Figure 3 . A comparison of performance (a) and (b), training time (c), and disk space usage (d) for different algorithms. The legends of (b) and (c) are the same as (a).
4.2 Model Applications
We compared the performance of the ANN and RF models against three human analysts using datasets 1, 2, and 3. The results shown in Figure 4 indicate that the ANN and RF models performed similarly to human analysts for all three datasets. Of course the ANN and RF models only used 0.5% of the average human processing time (Figure 4b). In some cases, the ANN and RF models identified useable data that were rejected by one of human analysts (see Figure 4e for an example). The direct outputs of the ANN and RF models are probability scores (range from 0 to 1), which are then converted into two categories using a default threshold of 0.5, accepted (larger than or equal to 0.5) or rejected (smaller than 0.5). The probability threshold can be adjusted for a stricter screening. Increasing the threshold can improve the performance as shown in Figure 4c and 4d. When the threshold is larger than 0.5, three categories can be assigned to a seismogram instead of two. For example, a signal can be rejected if its probability score is smaller than 0.4, accepted if the probability is larger than or equal to 0.6, or considered marginal if its probability is between 0.4 and 0.6. The marginal seismograms can be further inspected by human analysts. As expected, a higher threshold leads to a smaller number of nonmarginal (accepted or rejected) labels (Figure 4c and 4d) or in other words more waveforms for human analysts to inspect. Similar to human analysts, the ANN and RF models sometimes agree and other times disagree. For dataset 3, the ANN or RF models combined mislabeled 540 seismograms out of a total of 2000. Both methods incorrectly labeled a subset of 186 seismograms (9% of the total); the ANN model mislabeled an additional 207 seismograms (393 total, overall 80% correct); the RF model mislabeled another 147 seismograms (333 total, overall 83% correct).

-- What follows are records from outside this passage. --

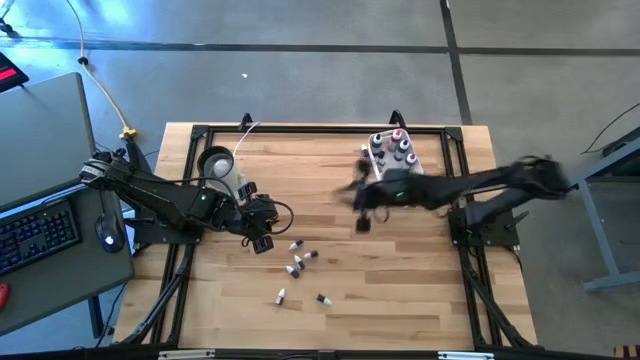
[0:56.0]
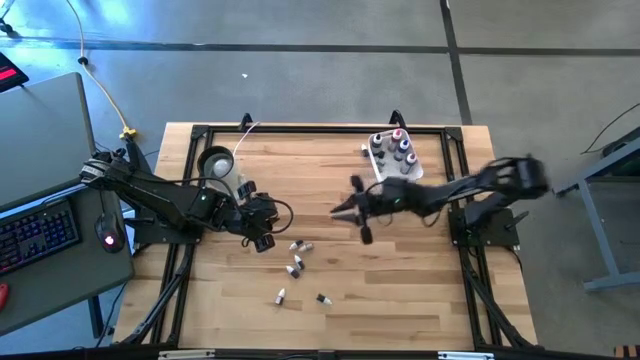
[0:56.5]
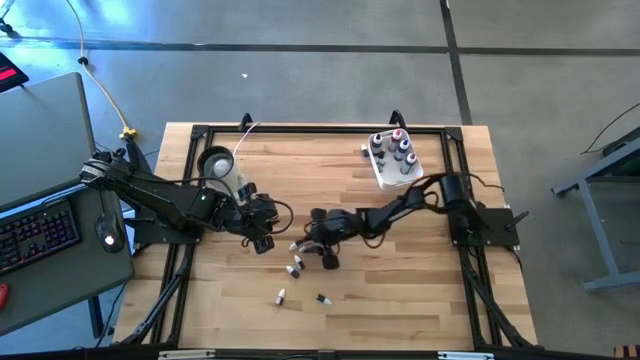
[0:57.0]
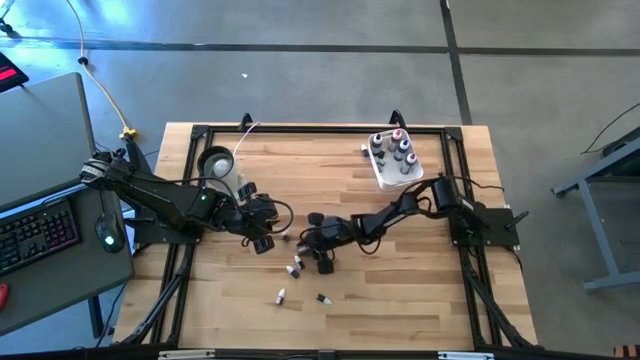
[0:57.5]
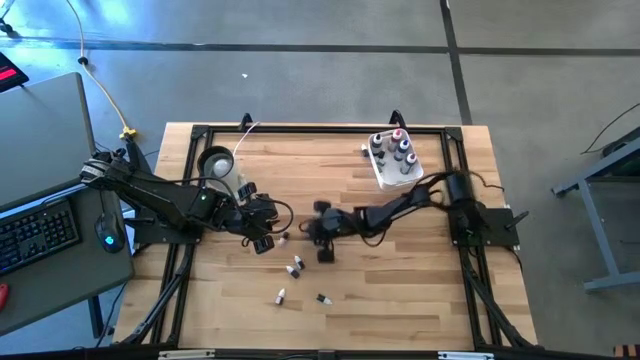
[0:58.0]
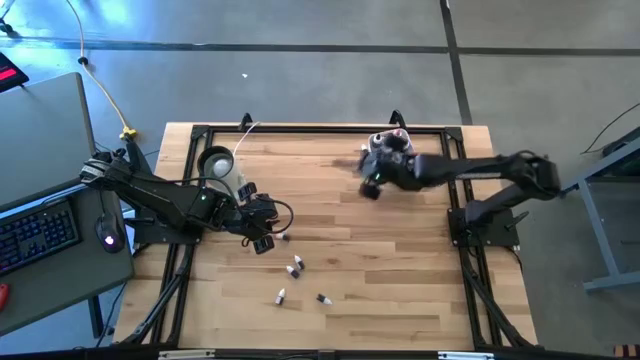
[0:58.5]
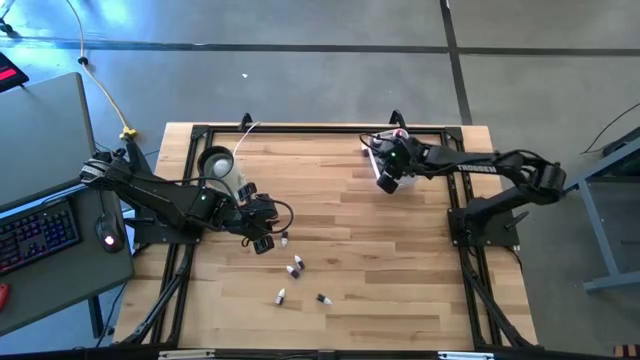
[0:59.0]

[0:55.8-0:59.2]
Task: Pick & Place food coloring
Put the bottom small violet food coloring bottle into the white bin

Though not directly trained for the quality control of group velocity estimation, we tested the ANN model to determine whether it would reduce outliers in automated group velocity measurements. The ANN model performed reasonably well for dataset DC reducing the number of unrealistic group velocity values using the ANN-based quality control (Figure S11). The result is not perfect but the operational burden of inspecting the outlier observations is substantially reduced. Transfer learning (e.g., Chai et al., 2020) may further improve the performance of the ANN model for the quality control of group velocities.
5 Conclusions and Discussion
Using nearly 400,000 waveforms and corresponding quality labels, we applied and compared five ML algorithms (LR, SVM, KNN, RF, and ANN) intended to improve the efficiency of the quality control of surface-wave seismograms. Considering performance, processing speed, and storage requirements, the ANN achieved an accuracy of 0.92, an F1 score of 0.89, and an AUC of 0.97. The RF model follows the ANN closely with slightly lower performance and higher storage requirements, but faster processing times. We prefer the ANN and RF models over the other algorithms tested. The performances of both the ANN and RF model match human analysts for data they have never seen while also reducing the time invested in surface-wave quality control by 99.5%. We also show that quality labels from the ANN model helps reduce outliers in group velocity measurements, despite the training labels originally being generated for the purposes of signal cross-correlation analysis. The improved processing speed of the ANN model compared to human analysts and a demonstration of this method to independent surface-wave measurements shows that this technique can be used to reduce the burden of quality control screening for large volumes of seismic data.
The trained ANN and RF models can be incorporated into an existing workflow that uses intermediate-period surface wave seismograms for earthquake and/or earth-structure studies. For fast-response applications, these two trained ML models can be applied automatically to identify good-quality data rapidly without human intervention. The execution speed of the two ML models can be easily increased with more computing resources. For more comprehensive studies, the trained models can be used to pre-screen a large amount of data and allow researchers to focus on a subset of data ranked by ML labels. The numeric quality scores from the RF and ANN ML models could also be used as initial quality weights in seismological analysis.